How much consideration do you give to Information Architecture and other assumed ‘languages’ we have for the web?
- Do you make links to external sites open in a new page/tab?
- Does this disempower the user?
- If you don’t, do you highlight that it’s an external link?
- How many items do you have in your top level menus?
- How many other methods of browsing do you offer, eg categories, tags, search, archives, etc?
- If you were rebuilding your main site from scratch now, what aspects would you change to make the flow work better?
- Do you monitor bounce rates for certain pages to understand why people leave your site at certain points?
- Did you create use cases before building the site? Were these comprehensive enough given user feedback?

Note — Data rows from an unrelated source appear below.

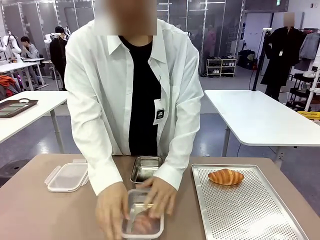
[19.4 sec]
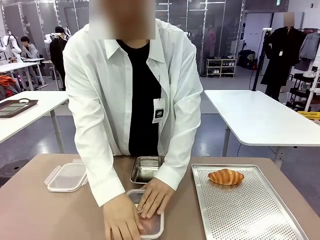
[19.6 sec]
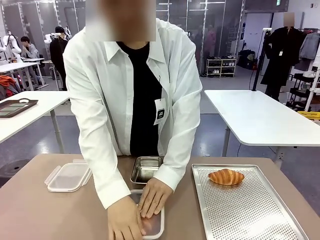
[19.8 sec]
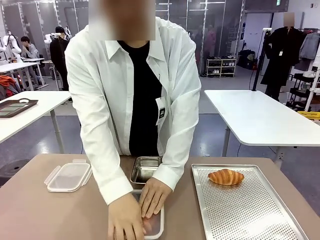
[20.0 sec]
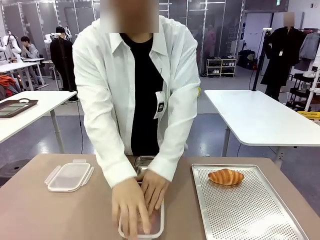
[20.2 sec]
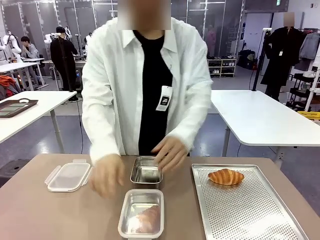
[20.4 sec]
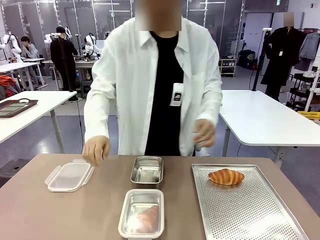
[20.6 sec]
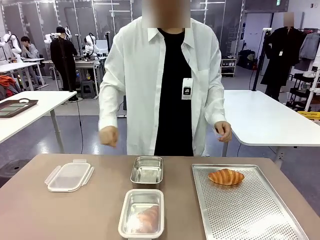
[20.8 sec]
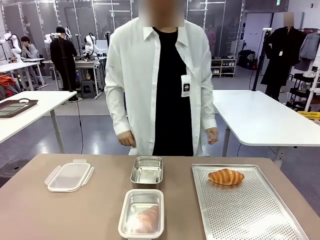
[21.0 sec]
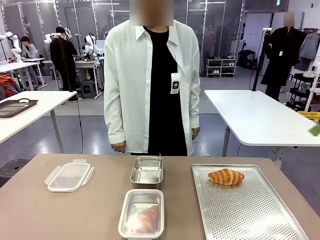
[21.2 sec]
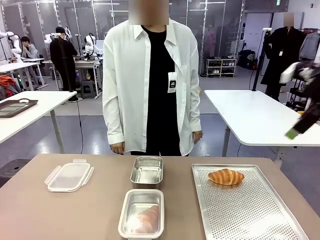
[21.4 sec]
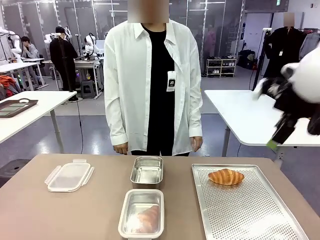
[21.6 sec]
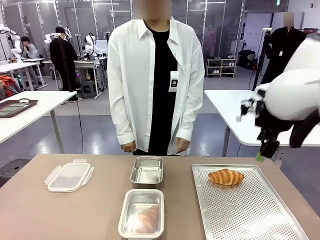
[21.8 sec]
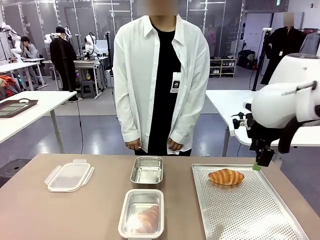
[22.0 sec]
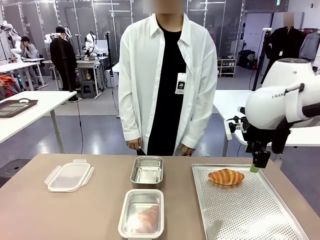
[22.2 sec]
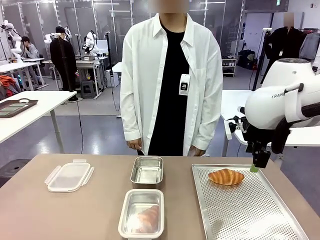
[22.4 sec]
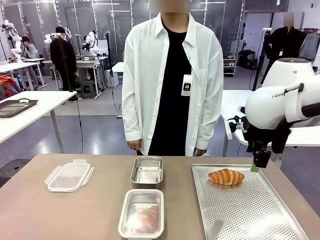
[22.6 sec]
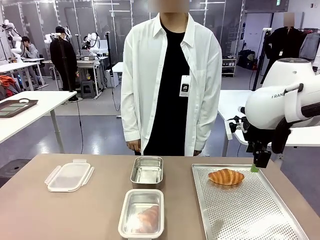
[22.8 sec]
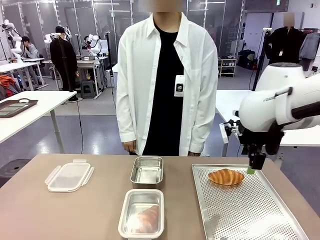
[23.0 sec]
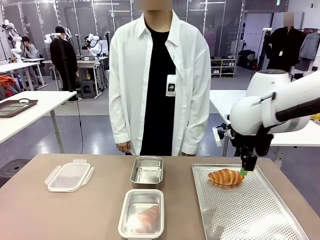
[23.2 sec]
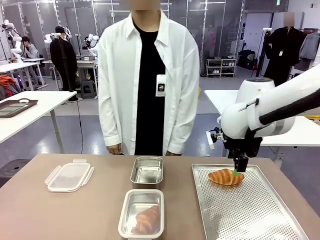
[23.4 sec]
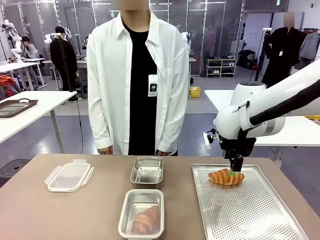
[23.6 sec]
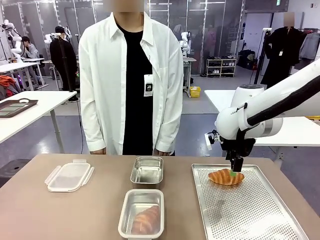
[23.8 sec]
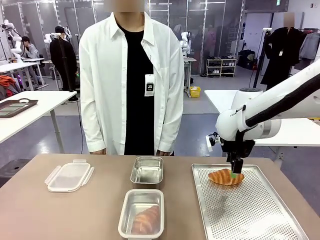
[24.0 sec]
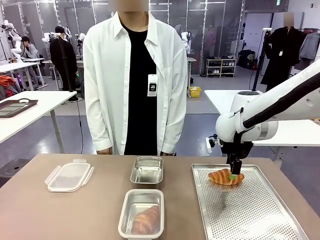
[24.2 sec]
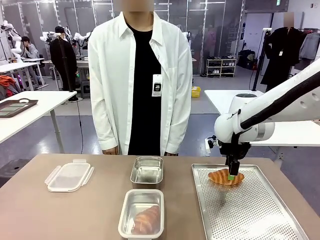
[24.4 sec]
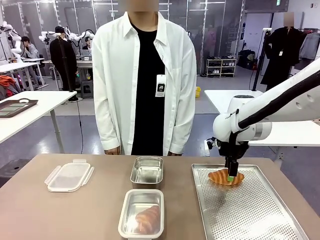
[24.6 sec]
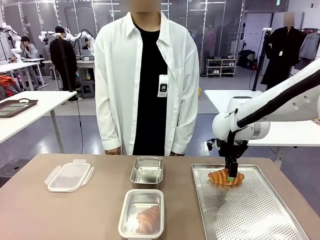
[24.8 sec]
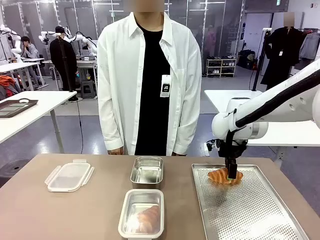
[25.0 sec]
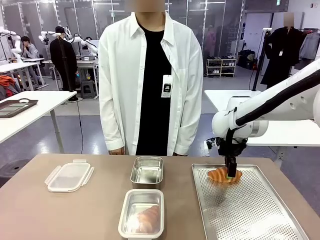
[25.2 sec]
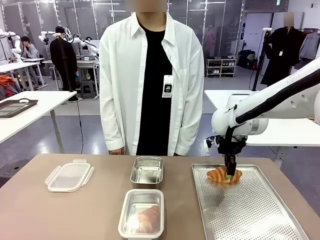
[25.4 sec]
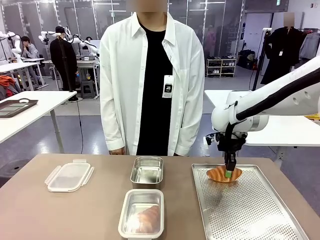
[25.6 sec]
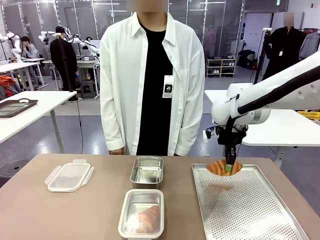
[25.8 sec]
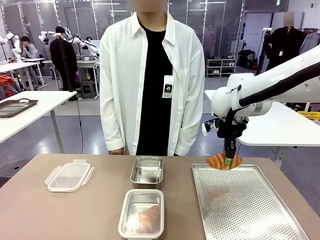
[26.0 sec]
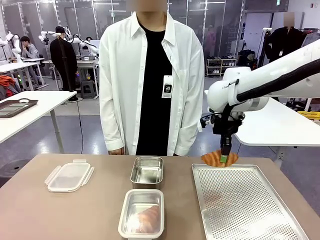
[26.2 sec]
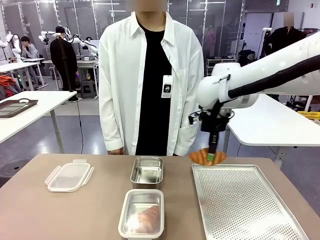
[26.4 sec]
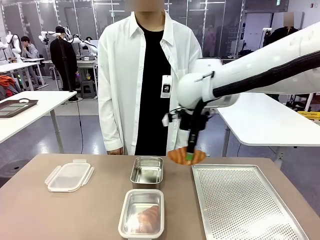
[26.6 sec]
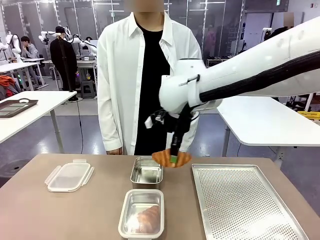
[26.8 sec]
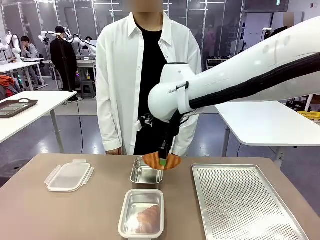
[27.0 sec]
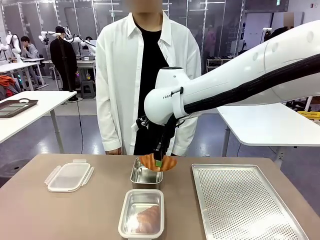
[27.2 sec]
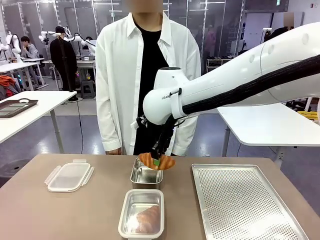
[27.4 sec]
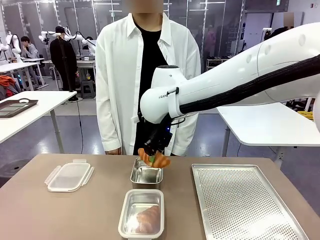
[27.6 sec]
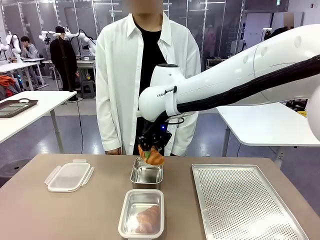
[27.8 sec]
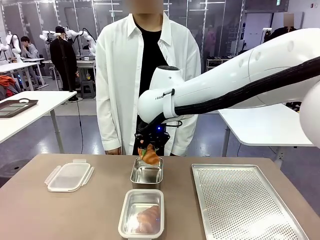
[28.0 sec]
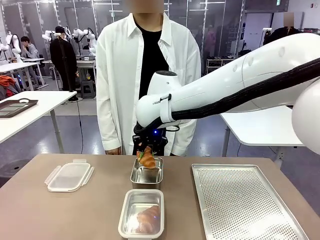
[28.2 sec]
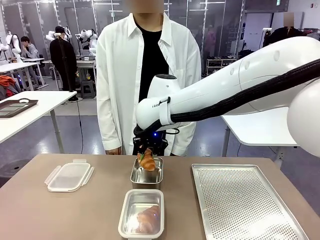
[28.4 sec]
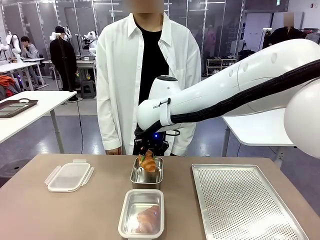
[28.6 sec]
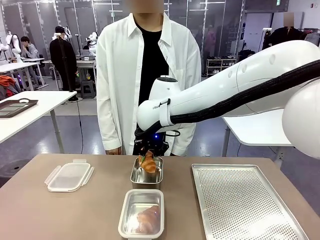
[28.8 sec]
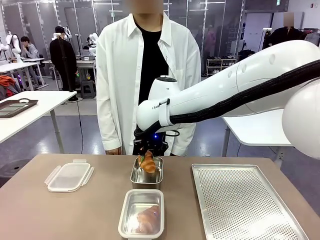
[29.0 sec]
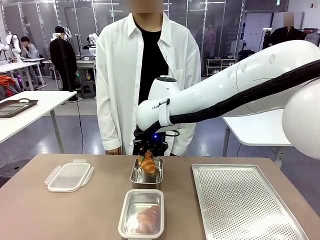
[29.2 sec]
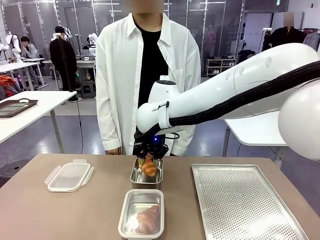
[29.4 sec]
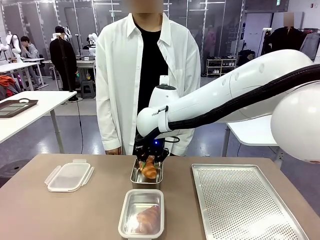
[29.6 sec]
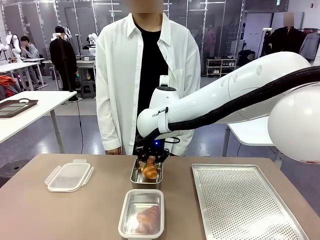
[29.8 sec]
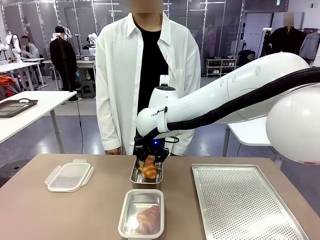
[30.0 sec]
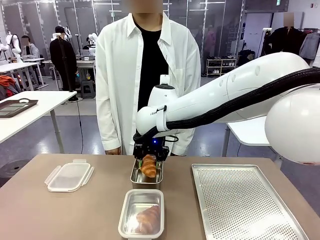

- Do you actively seek user feedback on the site? What is the most common feedback your hear from users and colleagues?
Peripheral devices like the mouse haven’t really been around for that long, and yet most of us have a highly refined understanding of what you may or may not be able to do in certain circumstances (this historically varies slightly between Mac & PC users owing to the option to right click).
A recent example I heard highlighting some of these assumptions we have of this shared language of user interfaces was a helpdesk technician asking a caller to “right click and tell him what happened”.
The response was “Nothing. I’ve written click, and nothing’s changed. What now?”
I saw this fantastic example of how you could change how we interact with computers a couple of years ago, and the site’s still live, and still feels very relevant. It’s called Don’t Click It.